El docente cree, sin embargo, que, dadas las circunstancias, la solución que se le ha dado a su centro es bastante buena. Si en el Jaume I de Catarroja falta espacio, aquí sucede lo contrario. Las instalaciones fueron diseñadas para albergar a miles de estudiantes. En los últimos años ha albergado el máster de profesorado de secundaria de la Universidad de Valencia, que la institución académica ha reubicado en otro campus para poder ofrecer el edificio a los niños afectados por la dana. “Los primeros días se nos perdían todos”, dice el director del Lluís Vives, “pero ahora ya se han acostumbrado”. En una clase particularmente enorme ―la antigua aula de dibujo― dos niñas de nueve años confirman que están contentas de haberse reencontrado con sus amigas después de más de un mes sin poder salir casi de casa. “Y también”, dice la más bajita, “porque han empezado a arreglar un poco Valencia y hemos encontrado esta escuela donde podemos estudiar y hacer cosas”.
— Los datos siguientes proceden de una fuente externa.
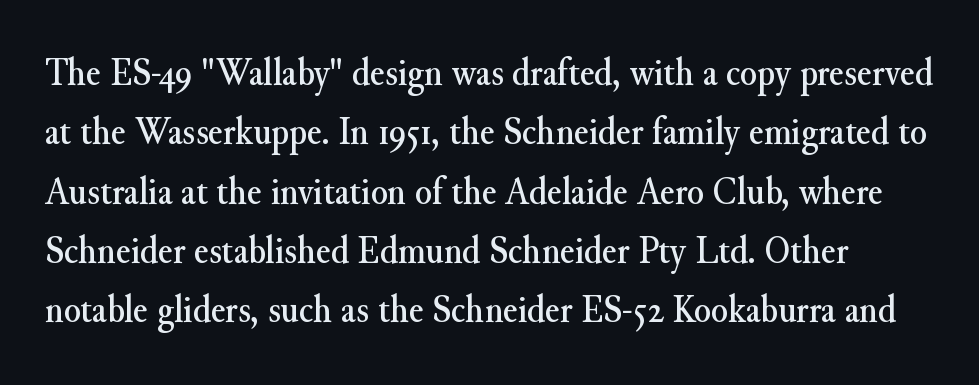
{"serif": "yes", "italic": "no", "width": "normal", "stroke_contrast": "medium", "x_height": "small", "monospaced": "no", "underline": "no", "line_spacing": "normal", "line_spacing_ratio": 1.52, "letter_spacing": "normal", "letter_spacing_em": 0.0, "glyph_px": 39}
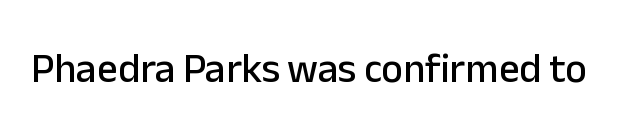
{"serif": "no", "italic": "no", "width": "normal", "stroke_contrast": "low", "x_height": "medium", "monospaced": "no", "underline": "no", "letter_spacing": "normal", "letter_spacing_em": 0.0, "glyph_px": 41}
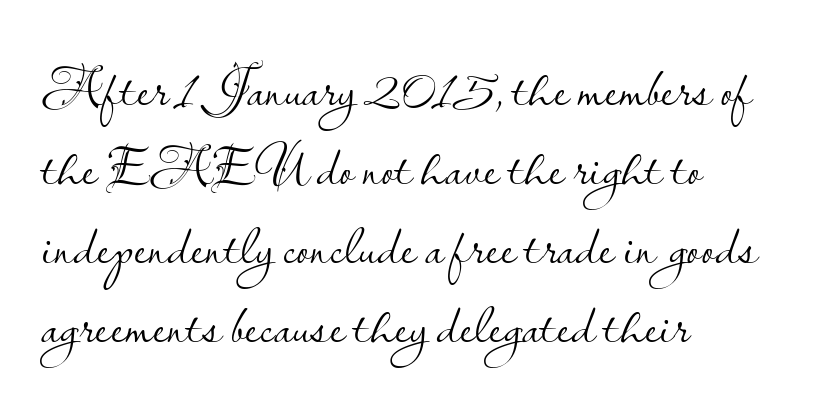
{"serif": "no", "bold": "no", "weight": "light", "width": "normal", "stroke_contrast": "low", "x_height": "small", "monospaced": "no", "underline": "no", "align": "left", "line_spacing": "normal", "line_spacing_ratio": 1.36, "letter_spacing": "normal", "letter_spacing_em": 0.0, "glyph_px": 58}
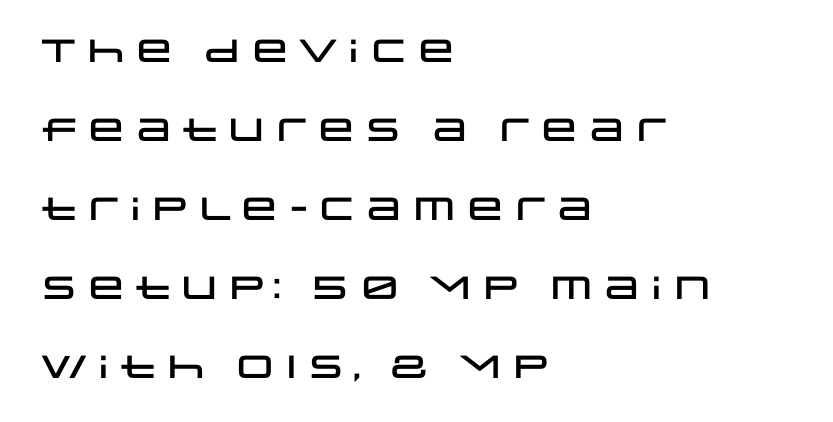
The image shows 32 px wide sans-serif type, upright; set left-aligned, loose line spacing (2.47x), normal letter spacing, not underlined; low stroke contrast and a large x-height.
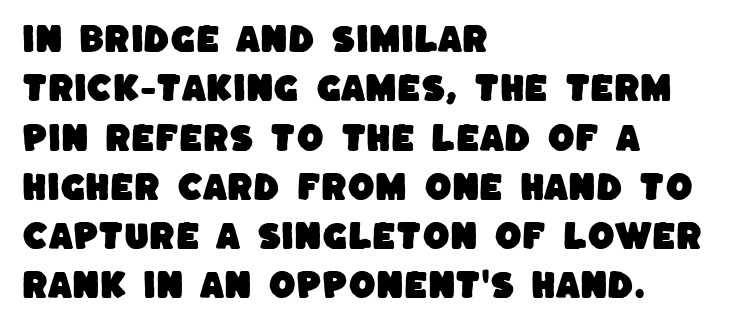
Compared with a centered layout, this one pins lines to the left instead. Students, observe: this is what conventionally led text looks like. Look at the tracking — it's just the regular setting, nothing added. Are there feet on the stems? There aren't — it's a sans. Words float on clear page, feet unadorned.
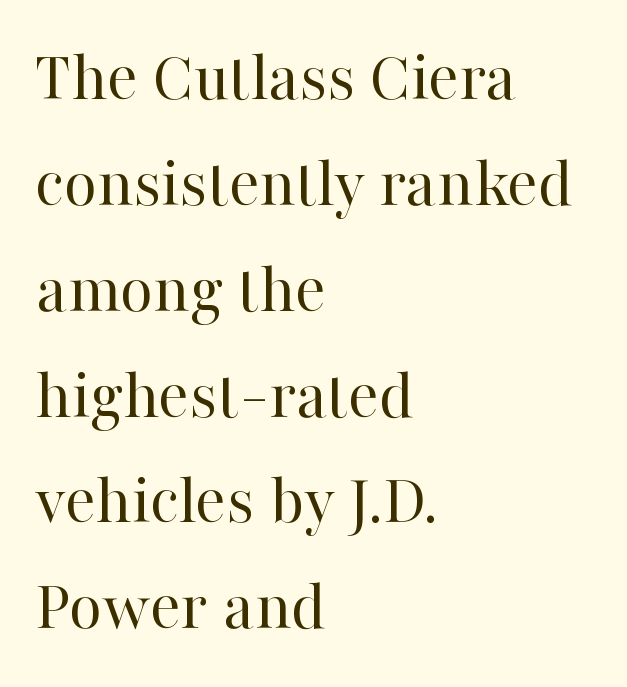
Tall strokes in this sample are plumb rather than angled. The glyphs in this specimen are seriffed. Vertically, the passage feels balanced, rows spaced as you'd expect. Heaviness? Minimal to ordinary, like unemphasized prose.
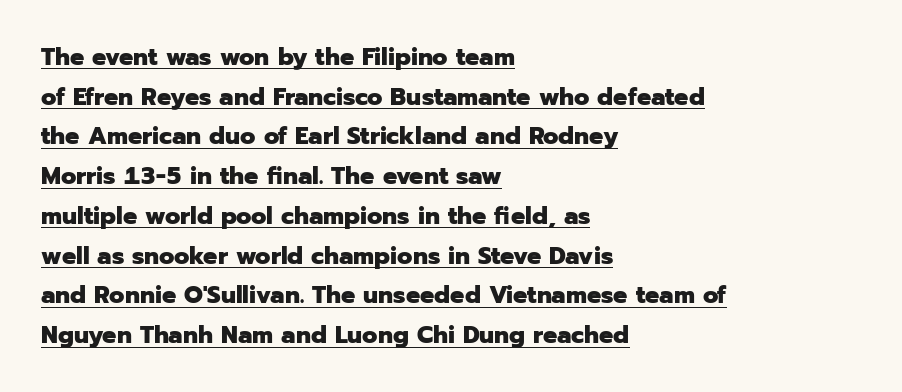
Q: Is the text bold? A: Yes.
Q: Is the text italic (slanted)? A: No, it is upright.
Q: Is the text underlined? A: Yes.
Q: How is the paragraph aligned? A: Left-aligned.
Q: Is the spacing between letters normal or unusually wide? A: Normal.
Q: Is the spacing between lines tight, normal or loose? A: Normal.
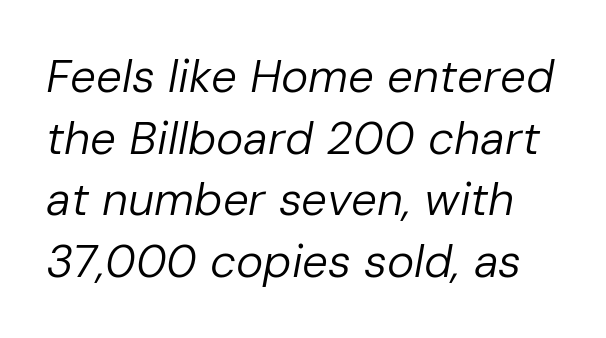
Descenders are the only things crossing below the line. The lettering tilts uniformly, giving the passage an italic look. The passage shown is typed in a proportional face where columns would drift. Students, observe: this is what conventionally led text looks like. Counters stay open thanks to moderate or lighter strokes.
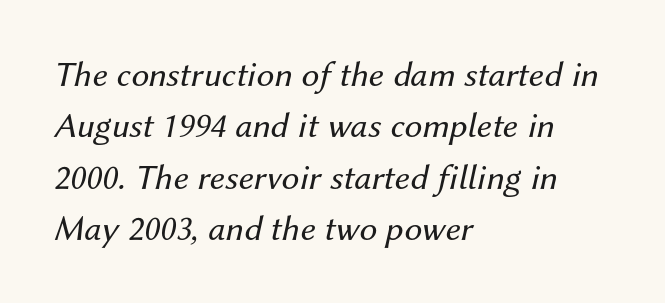
The image shows 36 px regular-weight type, italic (leaning right); set left-aligned, normal line spacing (1.43x), normal letter spacing, not underlined; medium stroke contrast and a medium x-height.
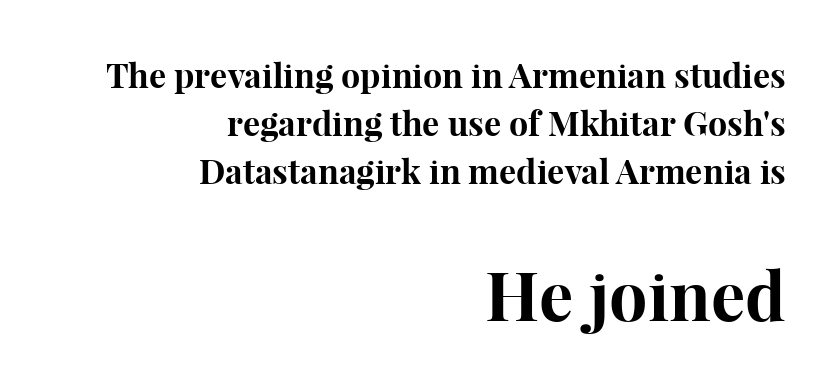
The face used here is proportionally spaced, like ordinary book or web type. The rendering uses a bold face; every stroke is thick and dark. Stroke terminals: seriffed. The passage shown begins with its smaller block and ends with its larger one. The font's upright variant was chosen for this text.
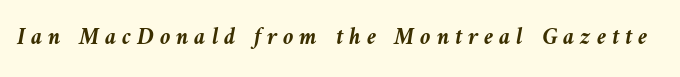
Q: Is the text bold? A: Yes.
Q: Is the text italic (slanted)? A: Yes, it leans left by about 10 degrees.
Q: Is the text underlined? A: No.
Q: Is the spacing between letters normal or unusually wide? A: Unusually wide.
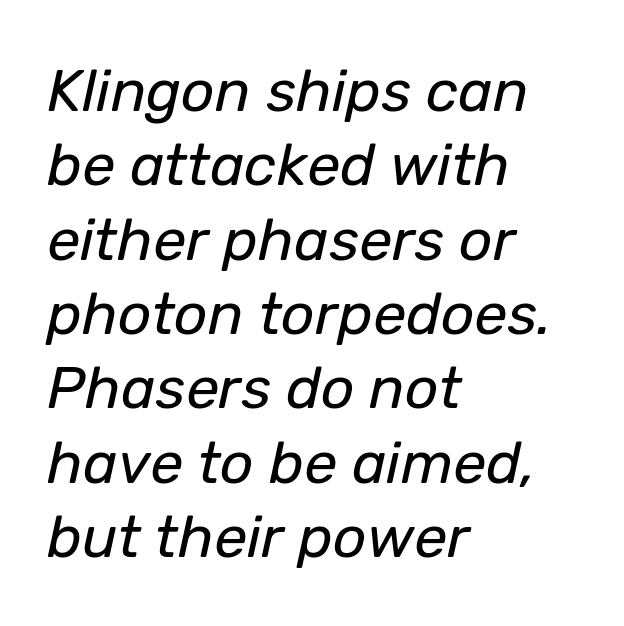
The image shows 59 px regular-weight type, italic (leaning right); set left-aligned, normal line spacing (1.26x), normal letter spacing, not underlined; low stroke contrast and a medium x-height.
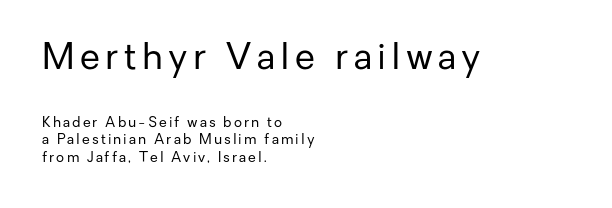
The image shows 36 px regular-weight sans-serif type, upright; set left-aligned, normal line spacing (1.25x), not underlined; the first (top) block is 2.57x larger; low stroke contrast and a medium x-height.
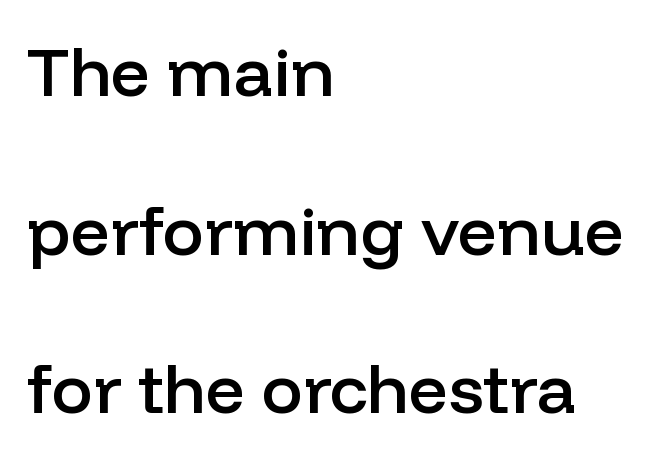
Q: Is the text bold? A: Semi-bold.
Q: Is the text italic (slanted)? A: No, it is upright.
Q: Is the typeface a serif or a sans-serif typeface? A: Sans-serif.
Q: Is the text underlined? A: No.
Q: How is the paragraph aligned? A: Left-aligned.
Q: Is the spacing between letters normal or unusually wide? A: Normal.
Q: Is the spacing between lines tight, normal or loose? A: Loose.
Q: Width (condensed, normal, or wide)? A: Normal.
Q: Stroke contrast? A: Low.
Q: x-height? A: Medium.
Q: Monospaced? A: No.
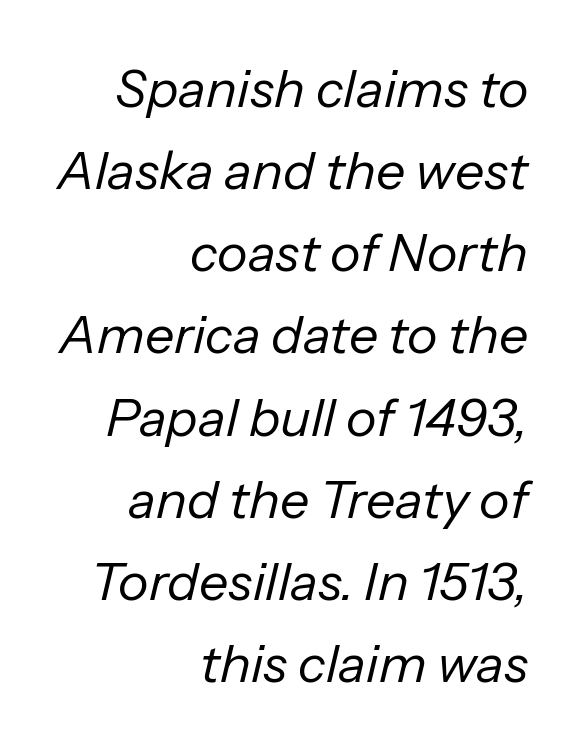
The image shows 52 px regular-weight type, italic (leaning right); set right-aligned, normal line spacing (1.58x), normal letter spacing, not underlined; low stroke contrast and a medium x-height.
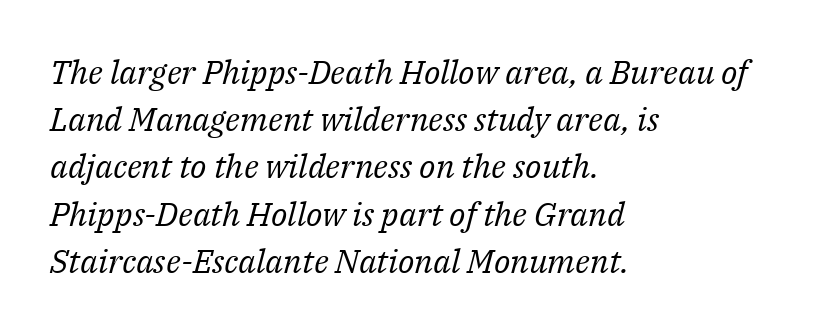
Q: Is the text bold? A: No.
Q: Is the text italic (slanted)? A: Yes, it leans right by about 14 degrees.
Q: Is the typeface a serif or a sans-serif typeface? A: Serif.
Q: Is the text underlined? A: No.
Q: How is the paragraph aligned? A: Left-aligned.
Q: Is the spacing between letters normal or unusually wide? A: Normal.
Q: Is the spacing between lines tight, normal or loose? A: Normal.
Q: Width (condensed, normal, or wide)? A: Normal.
Q: Stroke contrast? A: Medium.
Q: x-height? A: Medium.
Q: Monospaced? A: No.
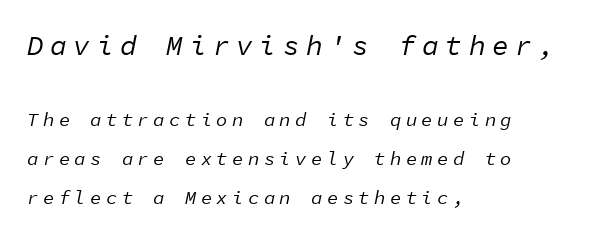
The image shows 28 px regular-weight type, italic (leaning right), monospaced; set left-aligned, loose line spacing (2.05x), unusually wide letter spacing (+0.23 em), not underlined; the first (top) block is 1.47x larger; low stroke contrast and a medium x-height.
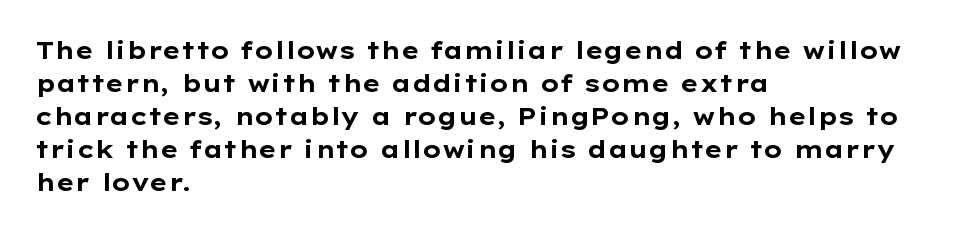
Q: Is the text bold? A: Yes.
Q: Is the text italic (slanted)? A: No, it is upright.
Q: Is the text underlined? A: No.
Q: How is the paragraph aligned? A: Left-aligned.
Q: Is the spacing between letters normal or unusually wide? A: Normal.
Q: Is the spacing between lines tight, normal or loose? A: Normal.
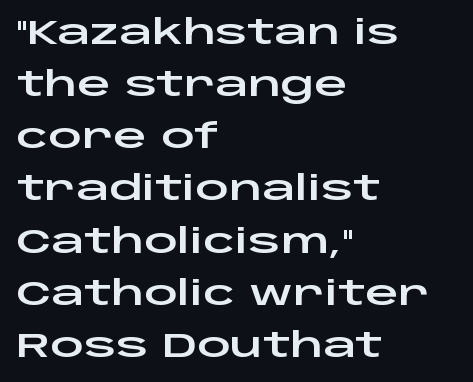
{"serif": "no", "italic": "no", "width": "wide", "stroke_contrast": "low", "x_height": "large", "monospaced": "no", "underline": "no", "align": "left", "line_spacing": "normal", "line_spacing_ratio": 1.58, "letter_spacing": "normal", "letter_spacing_em": 0.0, "glyph_px": 33}
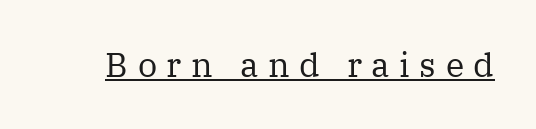
Ordinary non-slanted type is in use. Observe the serifs anchoring each vertical stroke in this sample. The passage shown has open, widely tracked lettering throughout. The font is comparable to plain body text, perhaps lighter. This sample has the flowing, uneven cadence of proportional lettering. Is there an underline? Yes — a line sits under the letters.
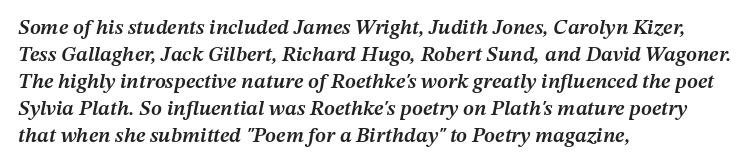
The image shows 21 px text type, italic (leaning right); set left-aligned, normal line spacing (1.29x), normal letter spacing, not underlined.
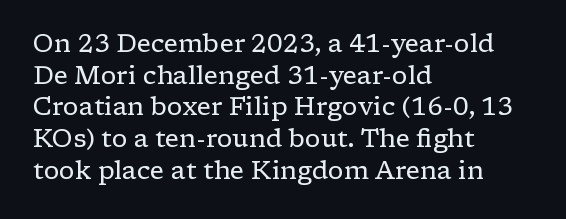
The characters are drawn with everyday or finer stroke widths. The string is rendered with underlining switched off. Leading matches the norm, producing a regular column. This sample uses plain, unmodified letter spacing.
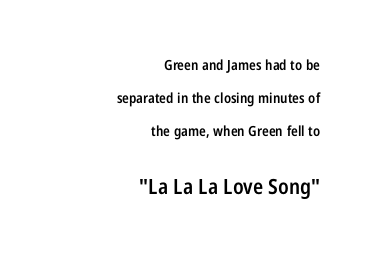
{"italic": "no", "bold": "semi", "underline": "no", "align": "right", "line_spacing": "loose", "line_spacing_ratio": 2.36, "letter_spacing": "normal", "letter_spacing_em": 0.0, "larger_block": "second", "size_ratio": 1.5, "glyph_px": 21}
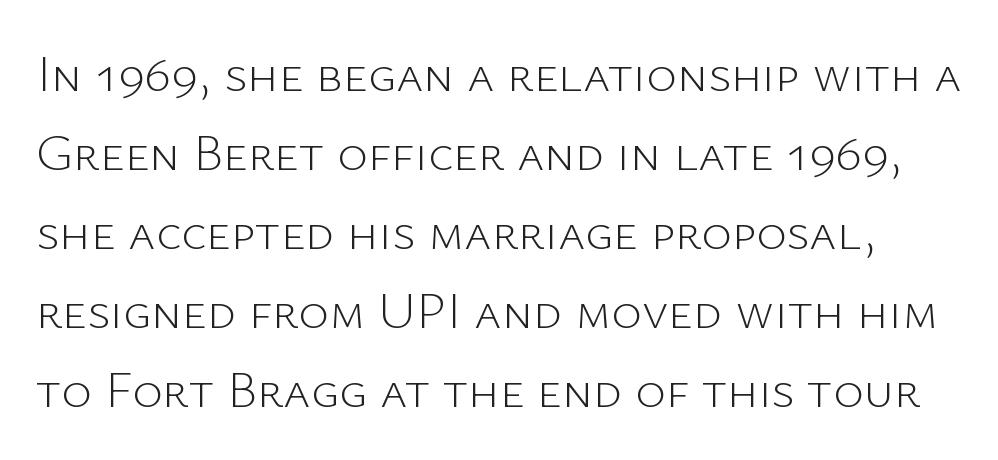
Whoever set this chose a conventional vertical rhythm. There is no visible air inserted between adjacent glyphs. Tall strokes in this sample are plumb rather than angled. Varying glyph widths throughout — classic text-font behaviour. Compared with a typical body face, this is equally light or lighter still.
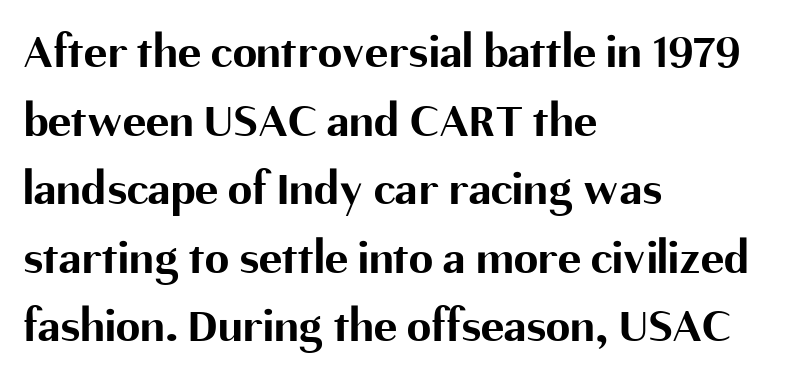
On the weight axis this lands at bold, roughly 700. The letters stand upright; this is a roman face. Unmarked baselines from the first word to the last. All the whitespace from short lines collects on the right. The text was rendered using a sans face with plain stroke endings. Varying glyph widths throughout — classic text-font behaviour.
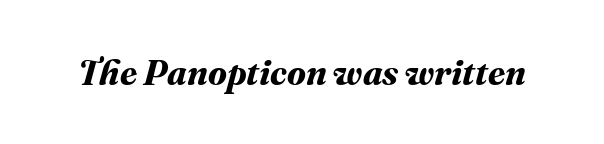
{"bold": "yes", "weight": "bold", "width": "normal", "stroke_contrast": "medium", "x_height": "medium", "monospaced": "no", "underline": "no", "letter_spacing": "normal", "letter_spacing_em": 0.0, "glyph_px": 35}
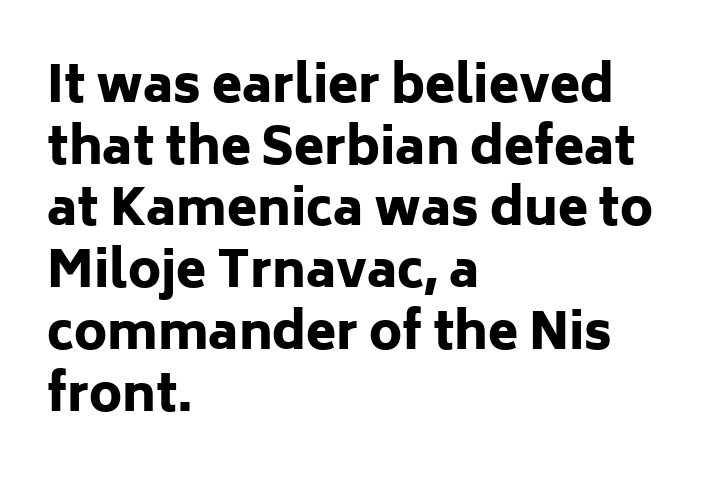
The image shows 49 px heavy sans-serif type, upright; set left-aligned, normal line spacing (1.26x), normal letter spacing, not underlined; low stroke contrast and a medium x-height.

La zona de semisótano de la vieja Escuela de Magisterio alberga más clases ―que no han tenido que ser utilizadas por el colegio― y despachos. Muchos de ellos están ahora llenos de una chocante cantidad de cajas repletas de libretas, paquetes de folio, cartulinas, lápices, bolígrafos, mochilas, material deportivo, además de todo tipo de juguetes, donadas por colegios, asociaciones de madres y padres (Ampas), y entidades muy diversas de toda España ―desde la casa de la Comunidad Valenciana en Cantabria a clubs de rugby andaluces―. “La solidaridad ha sido impresionante”, dice Crespo, que admite que la verdad es que no saben qué hacer con tantas cosas.
El Lluís Vives de Massanassa ―donde hace unas semanas murió un operario mientras limpiaba el colegio― será demolido y reconstruido. Crespo cuenta con que tendrán que acabar el curso en la antigua Escuela de Magisterio, pero espera poder volver al pueblo para el arranque del curso 2025-2026, aunque sea en aulas prefabricadas. La Consejería de Educación no ha respondido a la pregunta de este periódico sobre cuándo calcula que todo el alumnado afectado por la dana podrá volver a sus centros educativos, aunque sea en instalaciones provisionales.